EXERCISE AIM
With pictures removed, output every record below exactly as written.

Records from a data source:
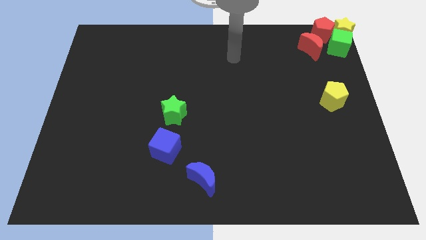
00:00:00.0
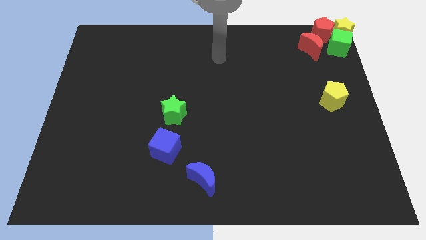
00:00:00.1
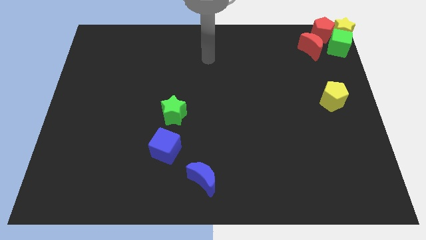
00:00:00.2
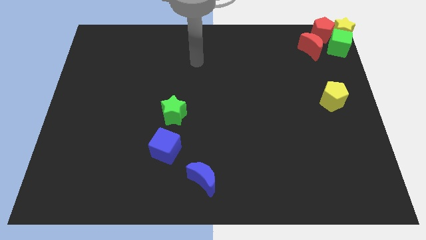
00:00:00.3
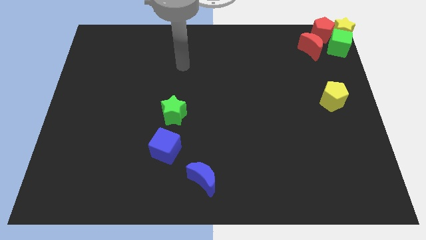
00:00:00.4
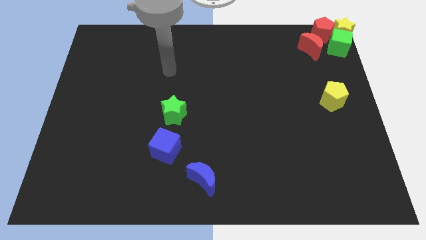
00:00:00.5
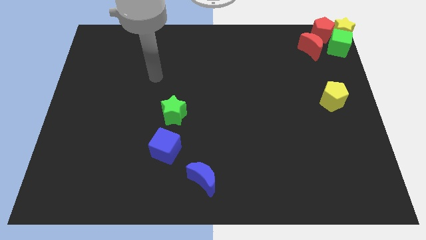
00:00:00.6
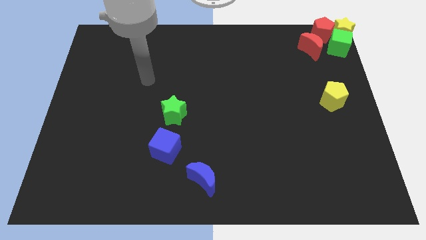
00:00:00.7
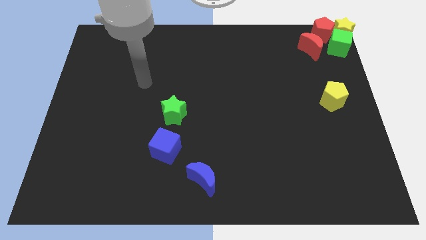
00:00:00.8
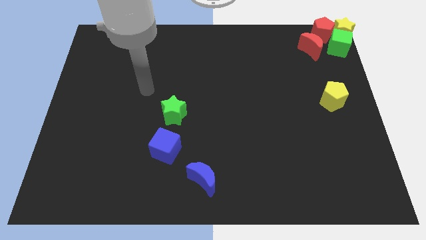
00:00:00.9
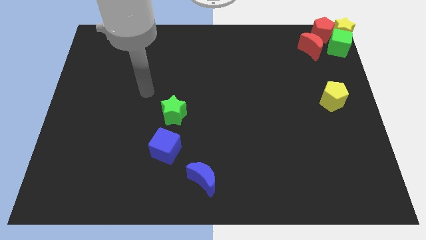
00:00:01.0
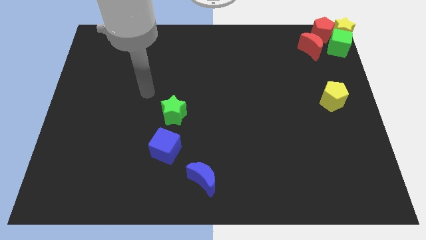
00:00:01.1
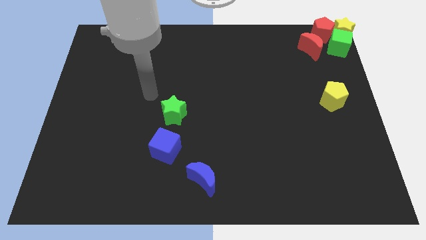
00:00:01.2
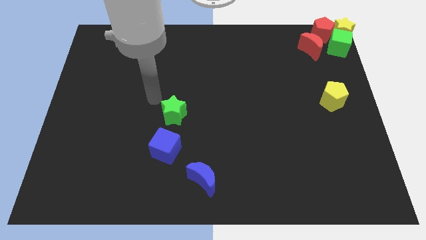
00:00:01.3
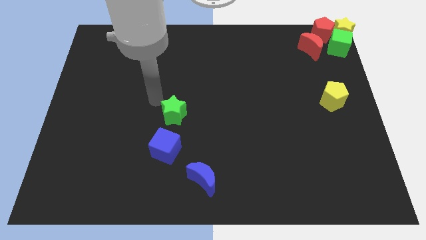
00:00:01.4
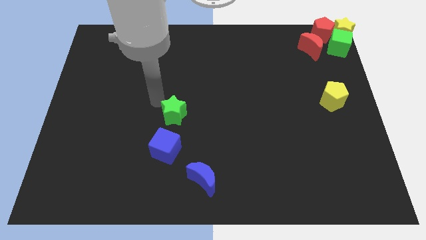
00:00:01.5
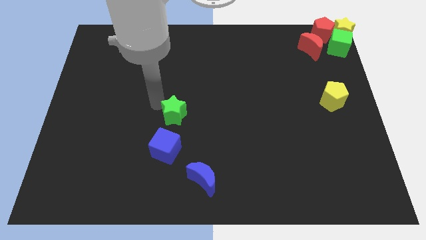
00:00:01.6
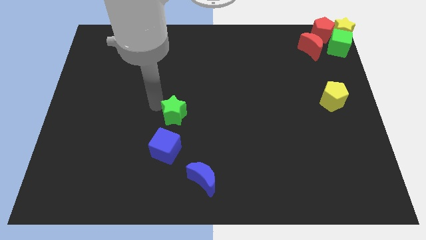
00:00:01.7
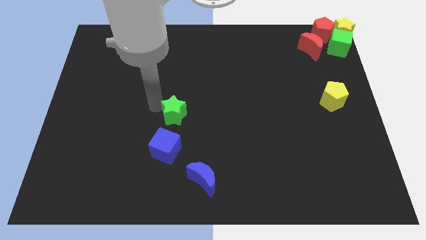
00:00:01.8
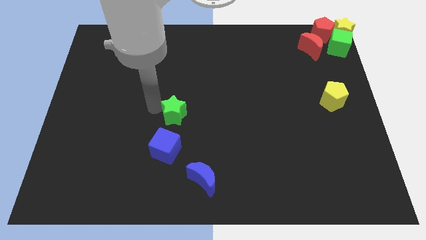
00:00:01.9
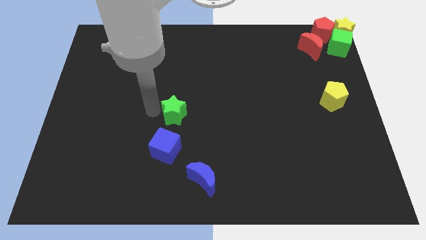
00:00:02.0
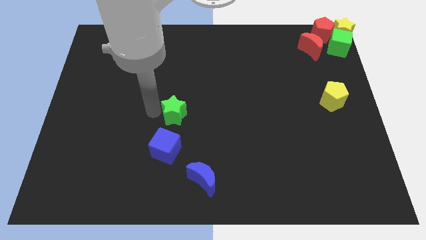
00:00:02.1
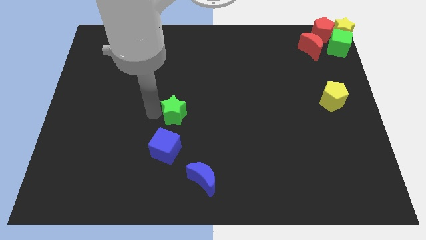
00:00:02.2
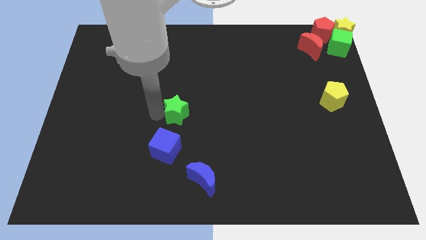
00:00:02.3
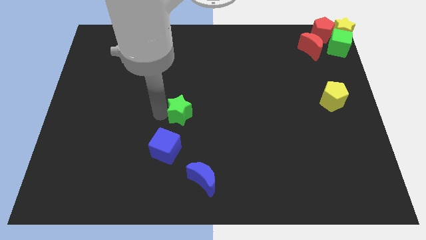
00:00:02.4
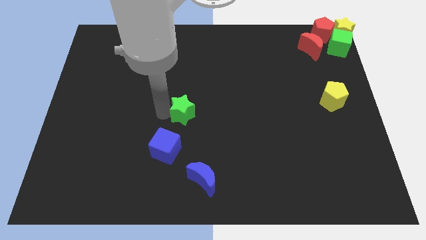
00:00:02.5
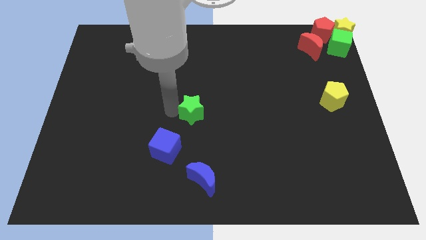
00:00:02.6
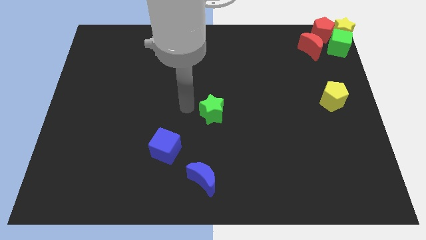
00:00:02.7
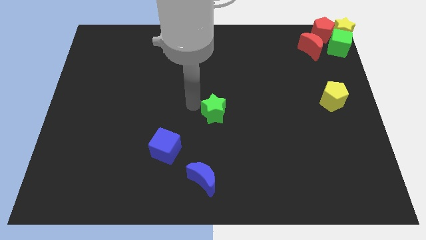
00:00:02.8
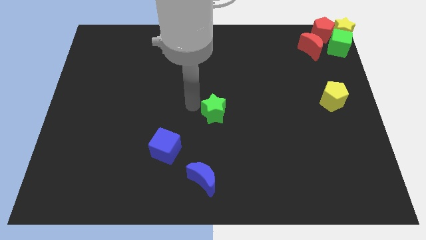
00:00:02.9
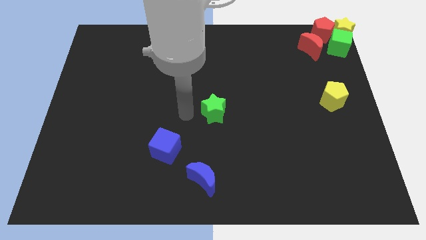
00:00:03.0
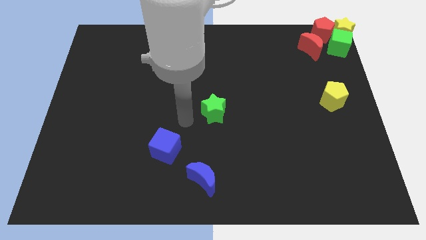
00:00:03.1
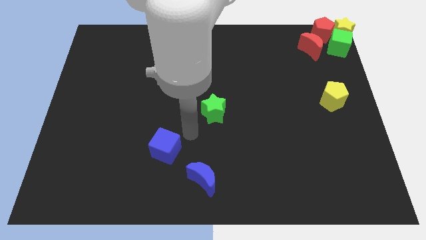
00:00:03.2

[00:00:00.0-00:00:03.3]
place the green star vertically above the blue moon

SOLUTION
00:00:00.0
00:00:00.1
00:00:00.2
00:00:00.3
00:00:00.4
00:00:00.5
00:00:00.6
00:00:00.7
00:00:00.8
00:00:00.9
00:00:01.0
00:00:01.1
00:00:01.2
00:00:01.3
00:00:01.4
00:00:01.5
00:00:01.6
00:00:01.7
00:00:01.8
00:00:01.9
00:00:02.0
00:00:02.1
00:00:02.2
00:00:02.3
00:00:02.4
00:00:02.5
00:00:02.6
00:00:02.7
00:00:02.8
00:00:02.9
00:00:03.0
00:00:03.1
00:00:03.2

[00:00:00.0-00:00:03.3]
place the green star vertically above the blue moon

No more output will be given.